Houston – In the chaotic aftermath of Hurricane Harvey, Principal Jonathan Trinh feared the worst for his Houston high school.

He took in a hundred new pupils displaced by the storm, his students’ overwhelmingly low-income families were struggling with lost jobs and other distractions, and Trinh worried this would be the year that test scores sank enough to make his Wisdom High School a target for state intervention.

But when the scores came out recently, there was only celebration. Wisdom and other Houston schools with some of the largest populations of at-risk students defied expectations and showed improvement in state scores – a feat attributed to perseverance in the face of adversity, and changes to the state accountability ratings that put more emphasis on progress.

Trinh gives credit to the resilience of the school community. He has lived in Houston since arriving as a Vietnamese refugee in 1978, and his immigrant background is a bond he shares with the large majority of the school’s students.

“Our teachers, our students – somehow they made it work,” Trinh said. “A lot of us endure so much.”

Lorena Alaniz, an 18-year-old senior at Wisdom, maintained a 3.5 GPA despite having to work part-time to help her family rebuild their flooded home.
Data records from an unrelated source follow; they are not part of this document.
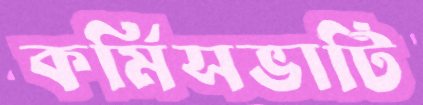
কর্মিসভাটি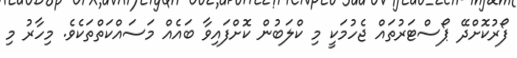
ފޯރުކޮށްދޭ ޕޯސްޓަރުތައް ޖެހުމަކީ މި ކްލަބުން ކޮށްފައިވާ ބައެއް މަަސައްކަތްތަކެވެ. މިހާރު މި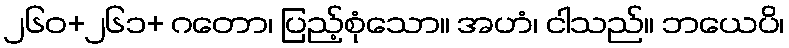
၂၆၀+၂၆၁+ ဂတော၊ ပြည့်စုံသော။ အဟံ၊ ငါသည်။ ဘယေပိ၊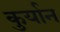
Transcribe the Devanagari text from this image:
कुर्यान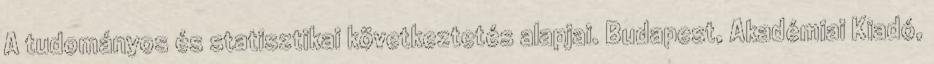
A tudományos és statisztikai következtetés alapjai. Budapest, Akadémiai Kiadó,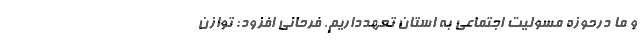
و ما درحوزه مسولیت اجتماعی به استان تعهدداریم. فرحانی افزود: توازن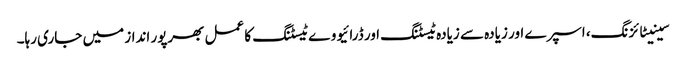
سینیٹائزنگ، اسپرے اور زیادہ سے زیادہ ٹیسٹنگ اور ڈرائیو وے ٹیسٹنگ کا عمل بھرپور انداز میں جاری رہا۔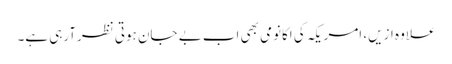
علاوہ ازیں، امریکہ کی اکانومی بھی اب بے جان ہوتی نظرآرہی ہے۔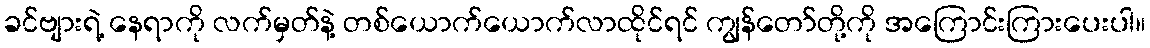
ခင်ဗျားရဲ့ နေရာကို လက်မှတ်နဲ့ တစ်ယောက်ယောက်လာထိုင်ရင် ကျွန်တော်တို့ကို အကြောင်းကြားပေးပါ။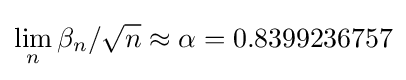
\lim _{n}\beta _{n}/{\sqrt {n}}\approx \alpha =0.8399236757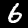
Digit: 6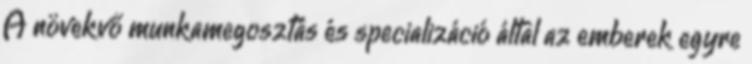
A növekvő munkamegosztás és specializáció által az emberek egyre

“Some days I would wake up in the morning and tell myself, ‘I want to drop out. I want to just leave. But I can’t,’” Alaniz said as she sat in her school’s cafeteria. “I know I can and I have to keep going for myself, for my family. So I chose not to give up.”

As the Carolinas are now experiencing in the aftermath of Hurricane Florence, the storm that hit Houston was hugely disruptive for schools. The Category 4 hurricane that hit in August 2017 caused an estimated $125 billion in damage and closed Houston-area schools for weeks on end. About 10 percent of students in Houston schools were displaced by the storm, state records show.
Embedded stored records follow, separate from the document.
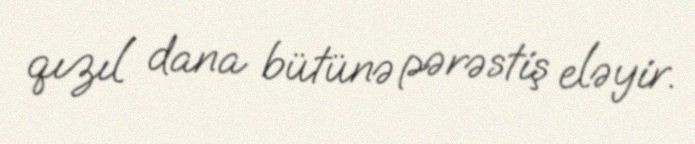
qızıl dana bütünə pərəstiş eləyir.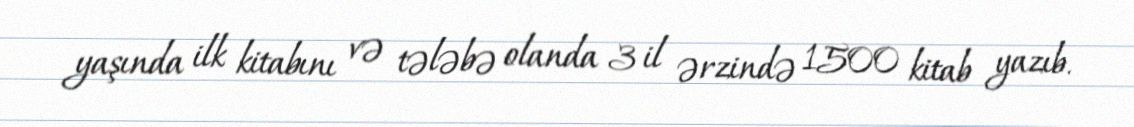
yaşında ilk kitabını və tələbə olanda 3 il ərzində 1500 kitab yazıb.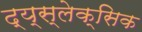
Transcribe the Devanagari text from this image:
द्य्स्लेक्सिक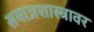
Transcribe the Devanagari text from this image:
समाजशास्त्रावर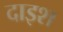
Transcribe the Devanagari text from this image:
दाइश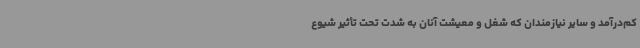
کم‌درآمد و سایر نیازمندان که شغل و معیشت آنان به شدت تحت تأثیر شیوع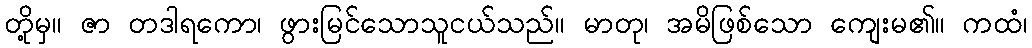
တို့မှ။ ဇာ တဒါရကော၊ ဖွားမြင်သောသူငယ်သည်။ မာတု၊ အမိဖြစ်သော ကျေးမ၏။ ကထံ၊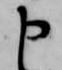
申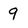
Character: 9

For Houston school leaders, there was extra motivation in the decision by Texas officials not to excuse all schools in the Houston Independent School District from state testing ramifications. A third of the district’s 281 campuses, including Wisdom, were not eligible for a state waiver, which was determined by the number of teachers and students displaced, school closure days or physical damage to the buildings.